L'avocate montait au créneau après le suicide d'un de ses clients derrière les barreaux. Schizophrène en détention provisoire depuis dix-huit mois, Monsieur O avait été déclaré irresponsable, mais n'avait pas été hospitalisé.
Vous êtes nombreux à avoir lu et salué ce « j'accuse » inhabituel, qui venait incarner le dossier des suicides en prison, après plus de cinquante cas dans l'année.
« Les attaques injurieuses et diffamatoires de cette avocate »
Or ce texte a valu à son auteure les foudres de la magistrature. Le 5 mai, l'USM, syndicat majoritaire chez les juges, envoyait simultanément deux lettres. L'une à Rachida Dati, l'autre à Me Charrière-Bournazel, bâtonnier du barreau de Paris.
Les deux lettres, que Rue89 s'est procurées, commencent de la même manière :
« Le 1er juin 2009, sur le site Rue89, a été diffusée une tribune de Me Laure Heinich-Luijer, avocate au barreau de Paris intitulée “Messieurs les magistrats, j'ai un faire part à vous donner”.
L'avocate en question y fait état du suicide d'un de ses clients, détenu provisoire, en prison.
Si l'on ne peut que déplorer ce suicide, comme les 50 autres qui sont survenus depuis le début de l'année, en grande partie en raison des conditions carcérales déplorables, rien ne peut justifier les attaques injurieuses et diffamatoires que cette avocate profère contre les magistrats ayant eu à connaître de cette affaire. »
Des sanctions contre une avocate « outrancière » ?
Dans la lettre à la Garde des sceaux, Christophe Regnard, le président de l'USM, poursuit en dénonçant les « outrances » de l'avocate. L'auteur réclame « les mesures juridiques qui s'imposent » contre Me Heinich-Luijer, mais en profite pour régler des comptes avec Rachida Dati au passage :
« Comme depuis deux ans, les magistrats auraient apprécié, face à ces outrances, une prise de parole de la ministre de la Justice. Une fois de plus, cette prise de parole n'est pas venue spontanément. Cela ne nous étonne plus guère, mais nous ne pouvons une nouvelle fois que le regretter. »
Ces courriers sont partis il y a une semaine. Depuis, notre contributrice assure avoir eu des réactions de soutien de certains magistrats. D'ailleurs, le Syndicat de la magistrature s'est désolidarisé de l'USM. Me Heinich-Luijer explique à Rue89, quinze jours après la publication de son coup de gueule :
« C'est ridicule et ce n'est même pas fondé.

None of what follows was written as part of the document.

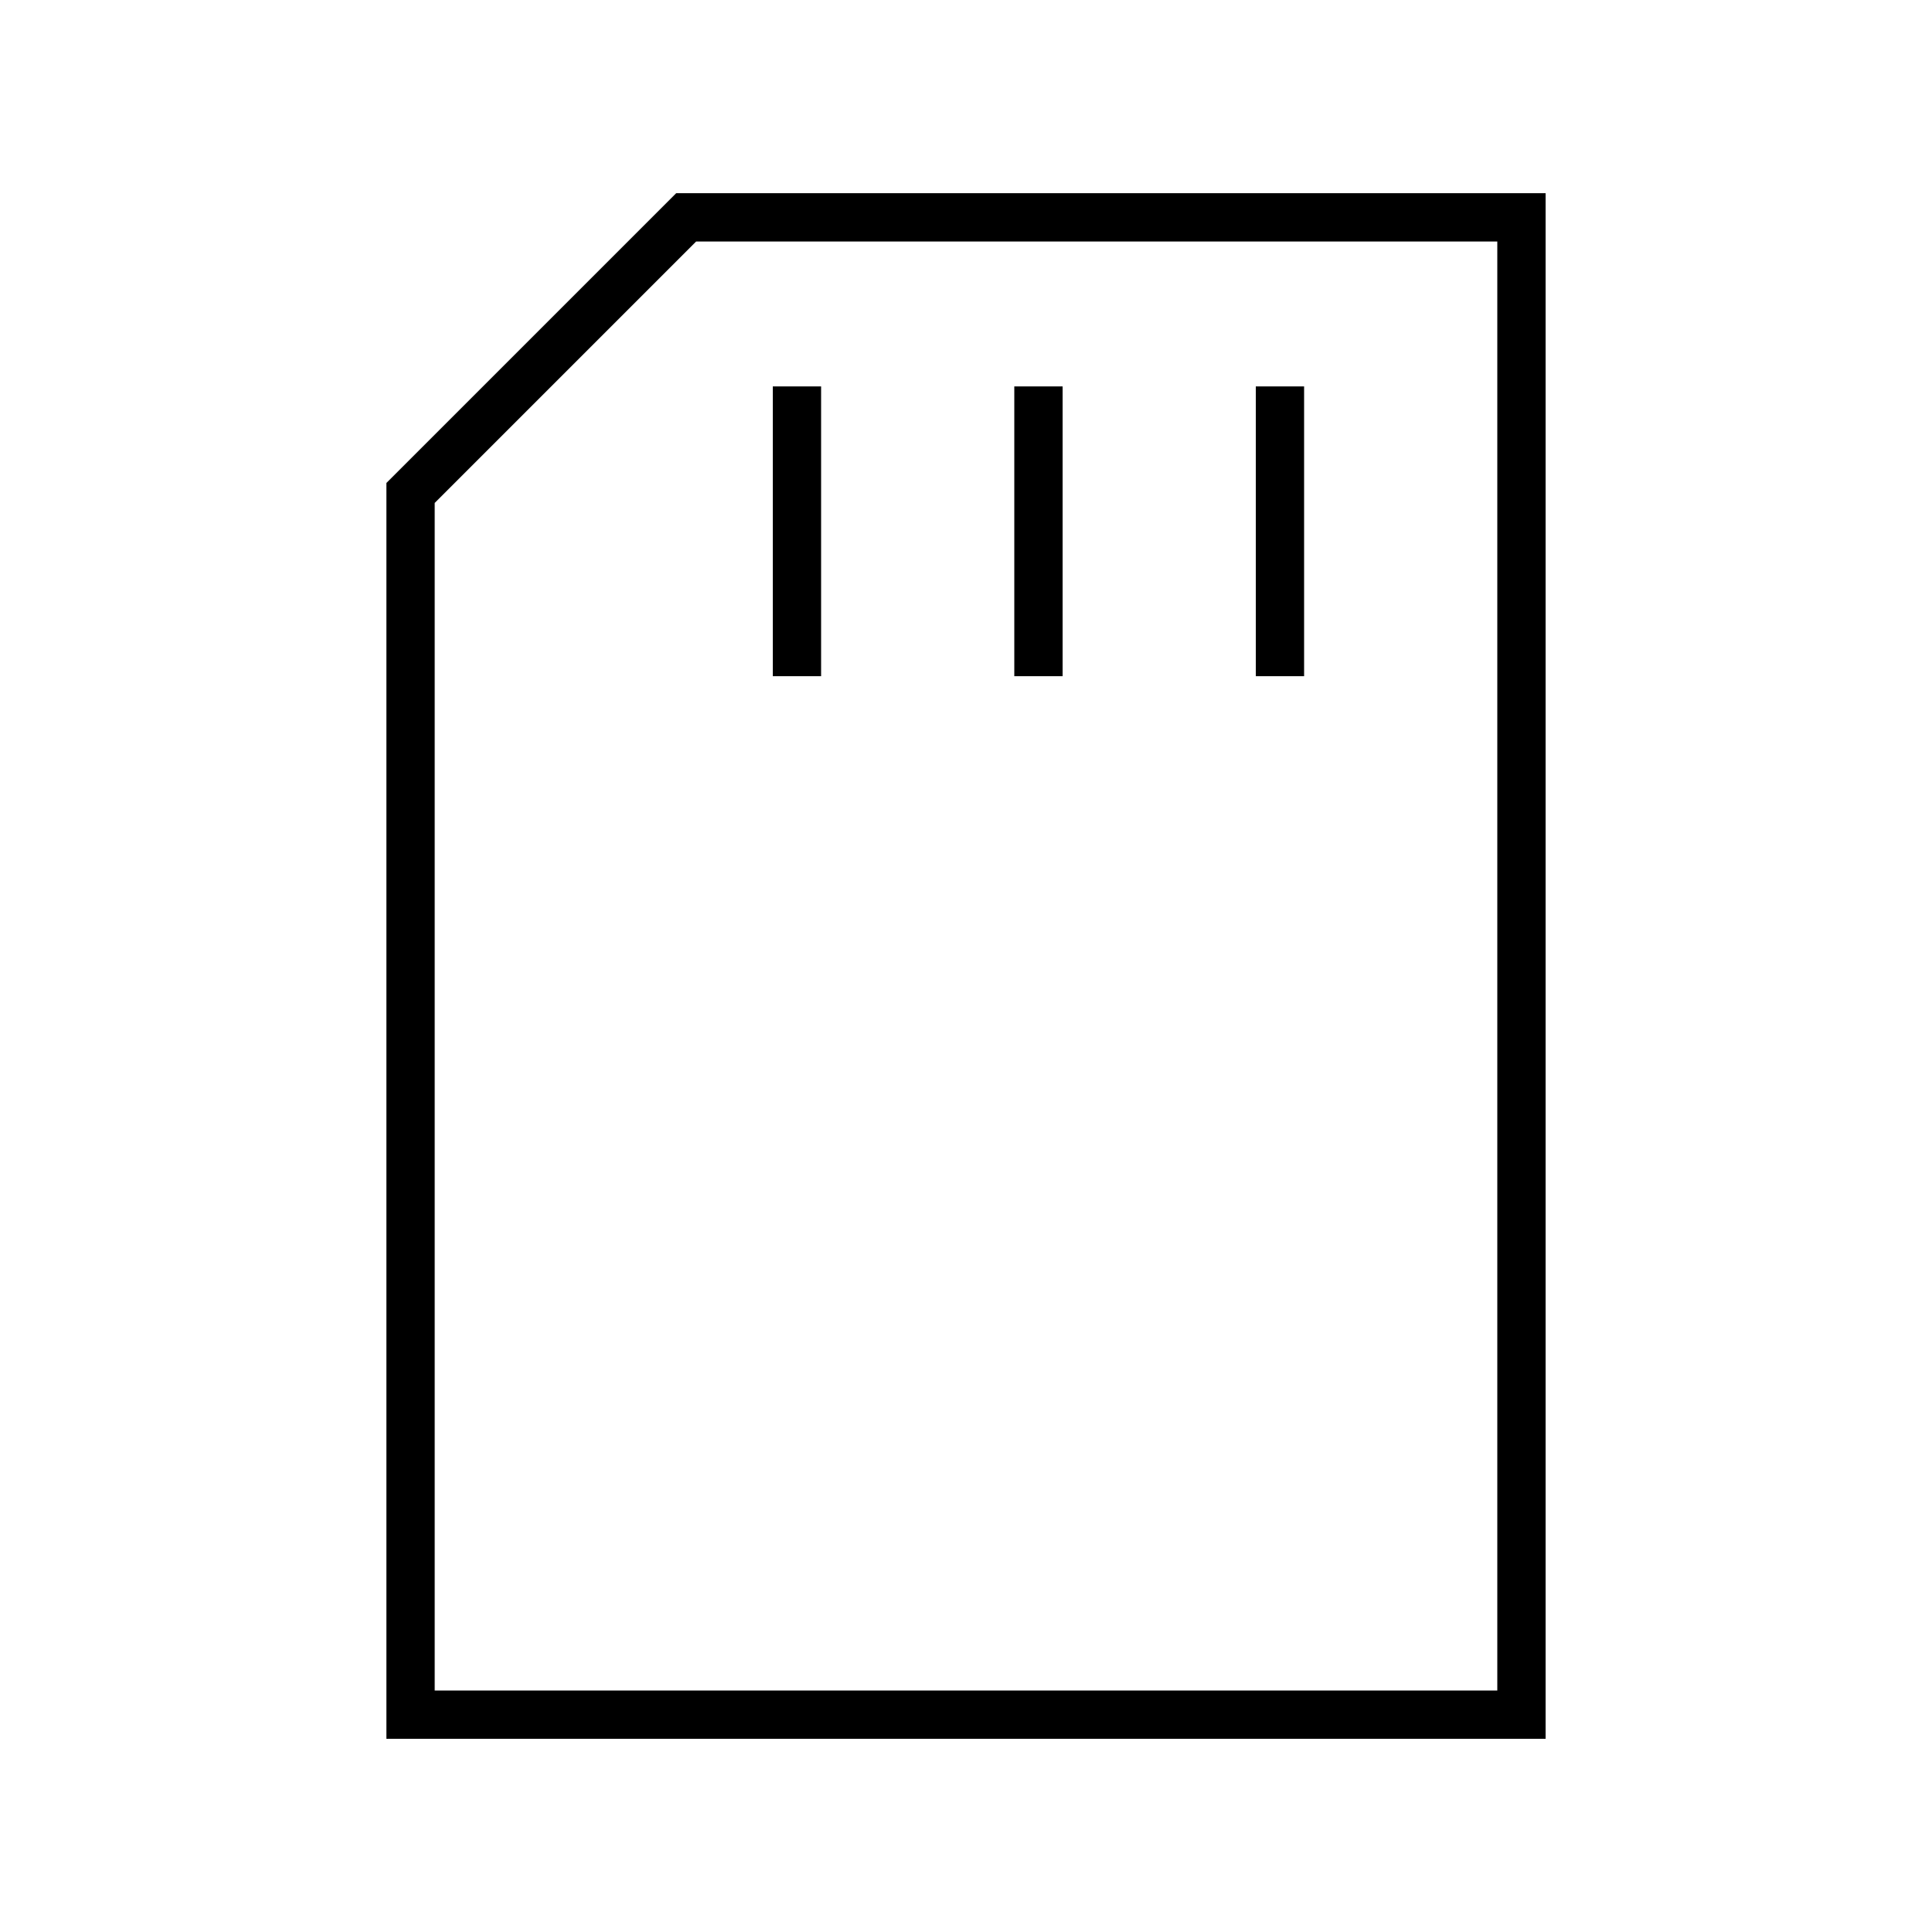 <svg xmlns="http://www.w3.org/2000/svg" viewBox="0 0 640 640"><!--! Font Awesome Pro 7.1.0 by @fontawesome - https://fontawesome.com License - https://fontawesome.com/license (Commercial License) Copyright 2025 Fonticons, Inc. --><path fill="currentColor" d="M144 560L496 560L496 80L230.6 80L144 166.6L144 560zM128 160L224 64L512 64L512 576L128 576L128 160zM272 136L272 224L256 224L256 128L272 128L272 136zM352 136L352 224L336 224L336 128L352 128L352 136zM432 136L432 224L416 224L416 128L432 128L432 136z"/></svg>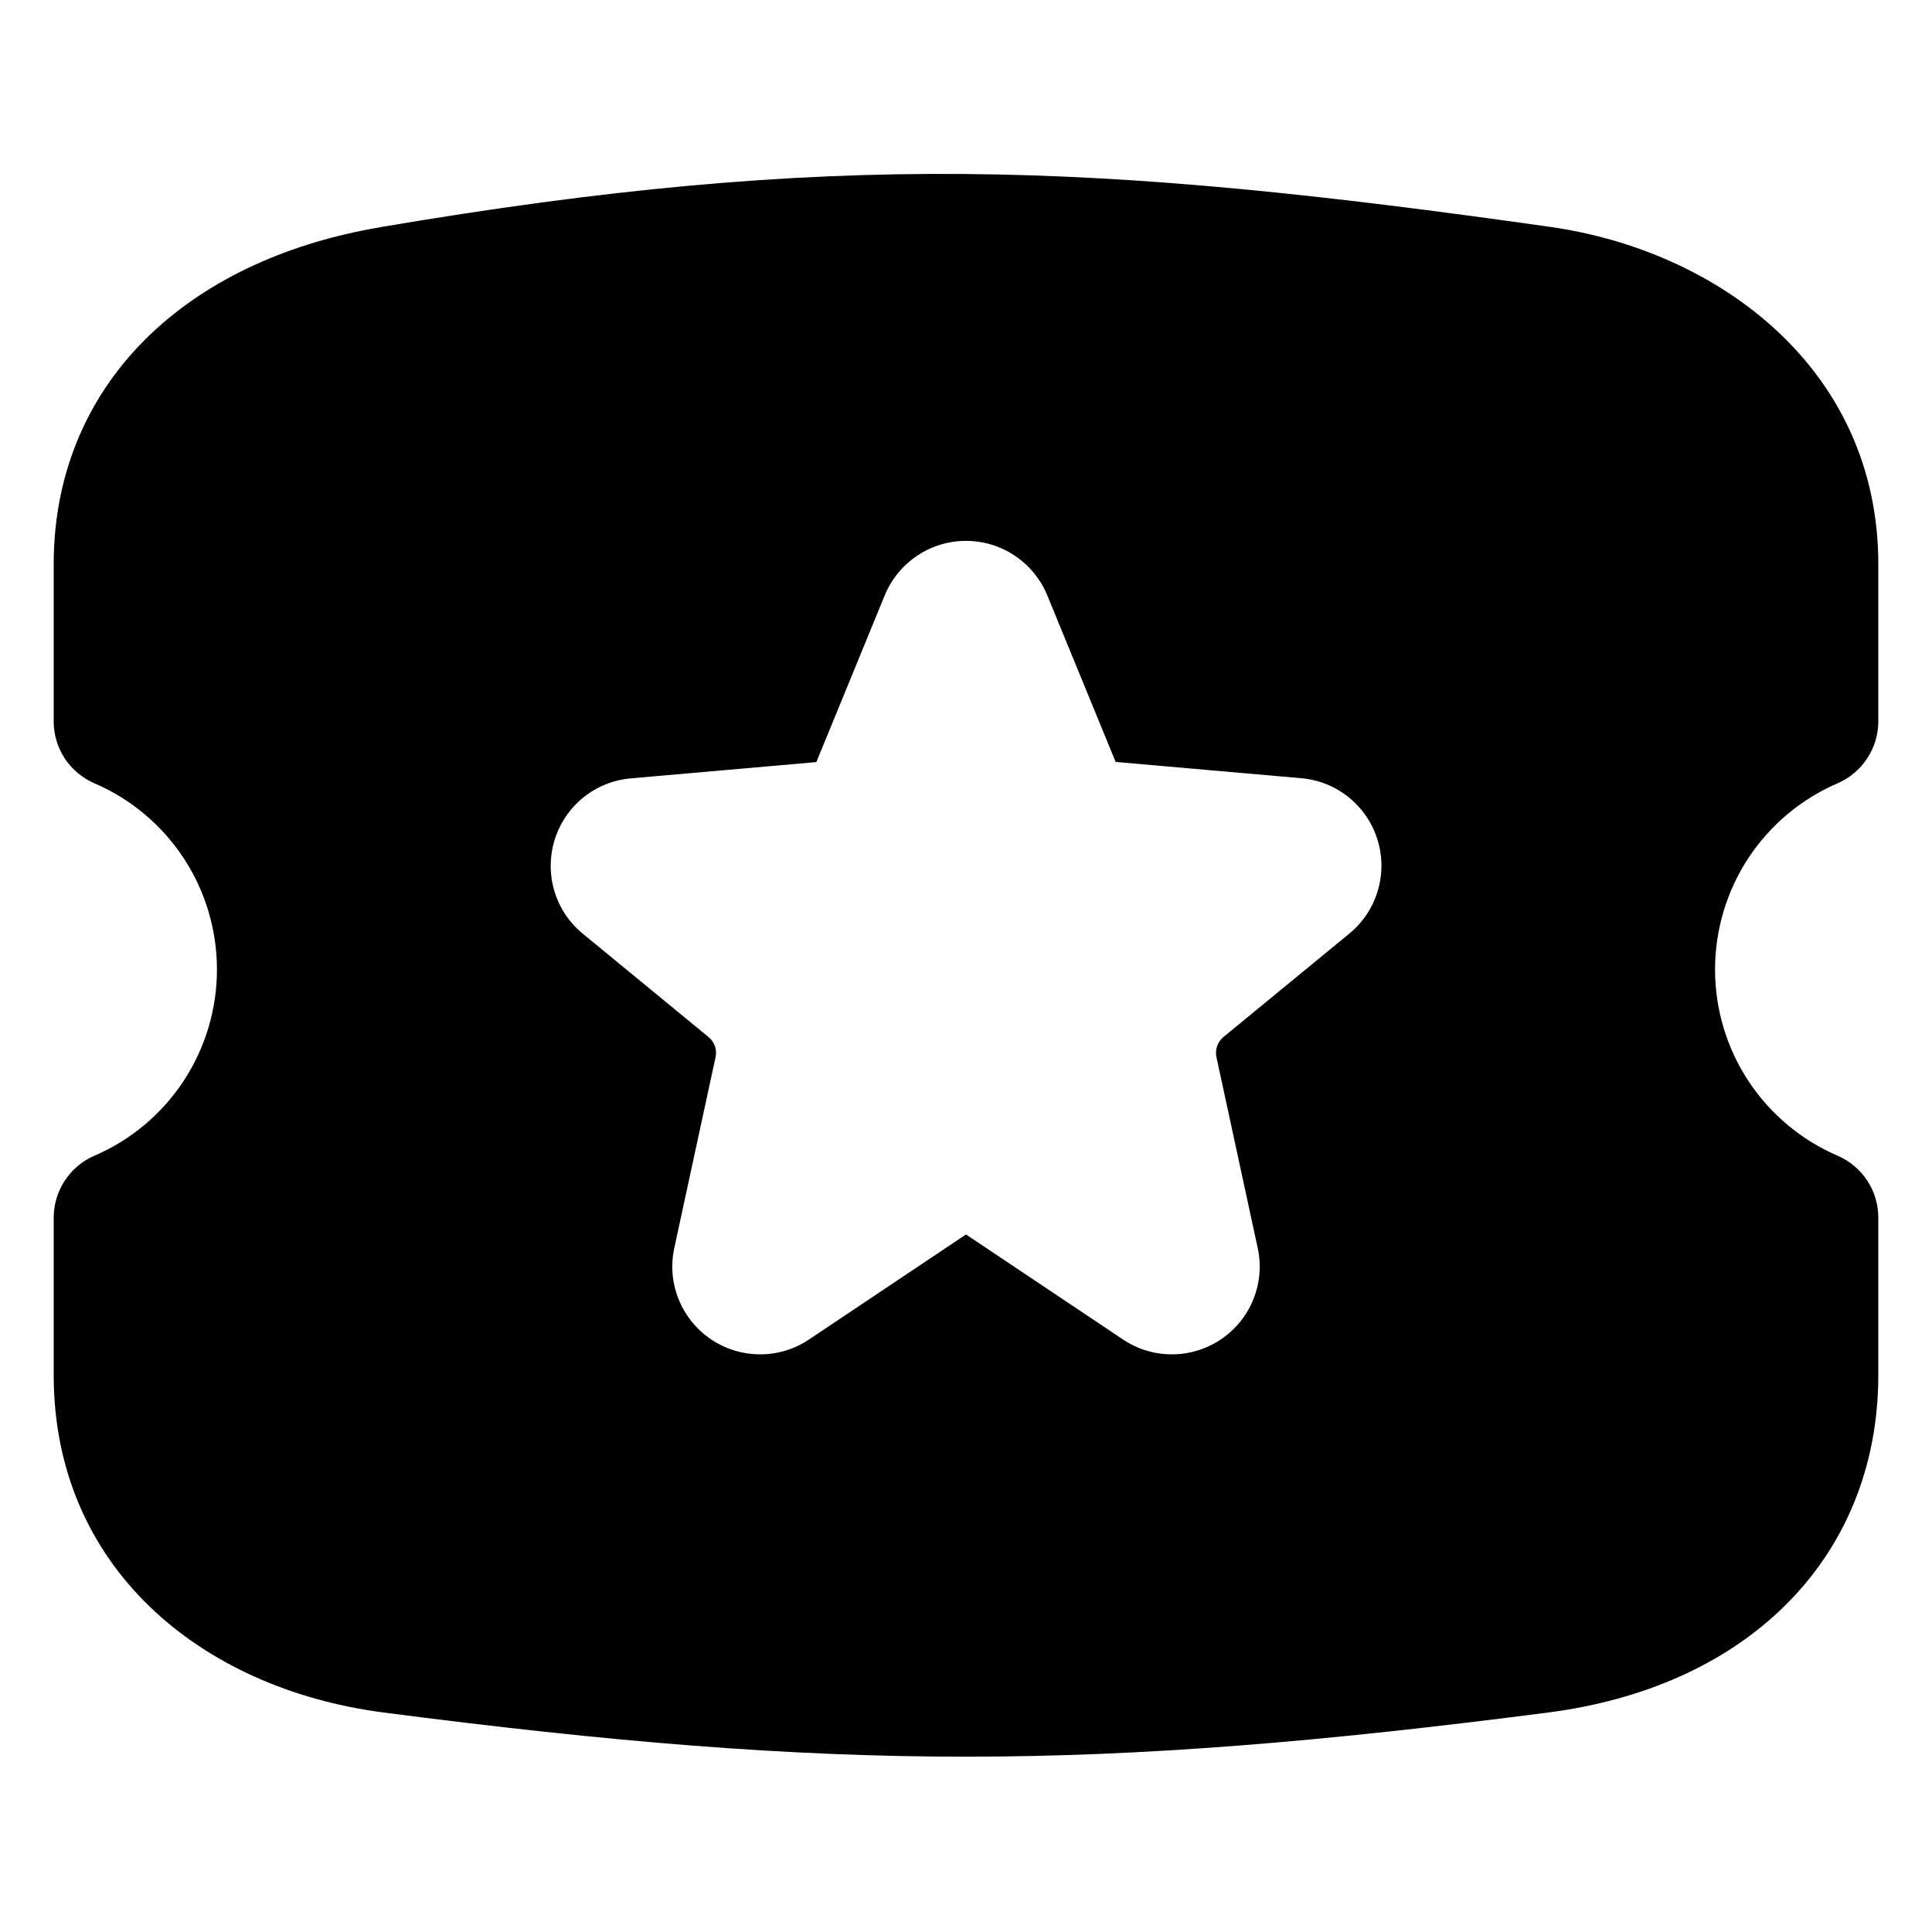 <svg width="24" height="24" viewBox="0 0 24 24" fill="none" xmlns="http://www.w3.org/2000/svg">
<path fill-rule="evenodd" clip-rule="evenodd" d="M4.723 2.822C10.348 1.868 13.598 2.016 19.253 2.818C21.366 3.117 23.333 4.596 23.333 7.007V8.96C23.333 9.124 23.285 9.284 23.195 9.421C23.105 9.558 22.977 9.666 22.826 9.731C22.375 9.925 21.99 10.248 21.719 10.659C21.449 11.07 21.305 11.552 21.305 12.043C21.305 12.536 21.449 13.017 21.719 13.428C21.99 13.839 22.375 14.162 22.826 14.356C22.977 14.421 23.105 14.529 23.196 14.666C23.286 14.804 23.334 14.964 23.333 15.129V17.081C23.333 18.223 22.917 19.217 22.163 19.956C21.419 20.685 20.397 21.121 19.243 21.272C13.6 22.003 10.412 22.008 4.755 21.272C2.492 20.975 0.667 19.469 0.667 17.08V15.127C0.667 14.963 0.715 14.803 0.805 14.666C0.895 14.529 1.023 14.421 1.174 14.356C1.626 14.162 2.01 13.839 2.281 13.428C2.551 13.017 2.695 12.536 2.695 12.043C2.695 11.552 2.551 11.07 2.281 10.659C2.01 10.248 1.626 9.925 1.174 9.731C1.023 9.666 0.895 9.558 0.804 9.421C0.714 9.283 0.666 9.123 0.667 8.958V7.009C0.667 5.85 1.113 4.873 1.872 4.15C2.618 3.441 3.625 3.008 4.723 2.823V2.822ZM10.989 7.399C11.071 7.198 11.211 7.026 11.391 6.905C11.571 6.783 11.783 6.719 12 6.719C12.217 6.719 12.429 6.783 12.609 6.905C12.789 7.026 12.929 7.198 13.011 7.399L13.859 9.465L16.162 9.667C16.379 9.685 16.585 9.768 16.754 9.904C16.923 10.041 17.048 10.224 17.112 10.432C17.176 10.639 17.177 10.861 17.114 11.069C17.052 11.277 16.928 11.462 16.76 11.599L15.198 12.882C15.162 12.912 15.135 12.95 15.12 12.994C15.104 13.038 15.101 13.085 15.111 13.131L15.623 15.5C15.67 15.713 15.652 15.935 15.571 16.137C15.49 16.34 15.351 16.513 15.17 16.636C14.99 16.758 14.777 16.824 14.559 16.824C14.341 16.825 14.128 16.76 13.948 16.638L12 15.335L10.052 16.638C9.872 16.76 9.659 16.825 9.441 16.824C9.223 16.824 9.01 16.758 8.83 16.636C8.649 16.513 8.51 16.34 8.429 16.137C8.348 15.935 8.33 15.713 8.377 15.5L8.889 13.132C8.899 13.087 8.896 13.039 8.881 12.995C8.865 12.951 8.838 12.912 8.801 12.882L7.24 11.599C7.072 11.462 6.949 11.277 6.887 11.07C6.825 10.862 6.826 10.64 6.89 10.433C6.954 10.226 7.078 10.043 7.247 9.906C7.416 9.77 7.622 9.687 7.838 9.669L10.141 9.467L10.989 7.399Z" fill="color(display-p3 0.827 0.141 0.169 / 1)"/>
</svg>

On ne peut aucunement me poursuivre car on ne peut pas du tout savoir de quel magistrat il s'agit quand on lit mon texte. Il n'y a pas diffamation. Alors aller écrire à la ministre pour demander des sanctions… »
Depuis le début de la polémique, l'avocate de Monsieur O raconte avoir reçu des témoignages de soutien du bâtonnier du barreau de Paris, de Gisèle Halimi et de Jacques Verges. Entre autres.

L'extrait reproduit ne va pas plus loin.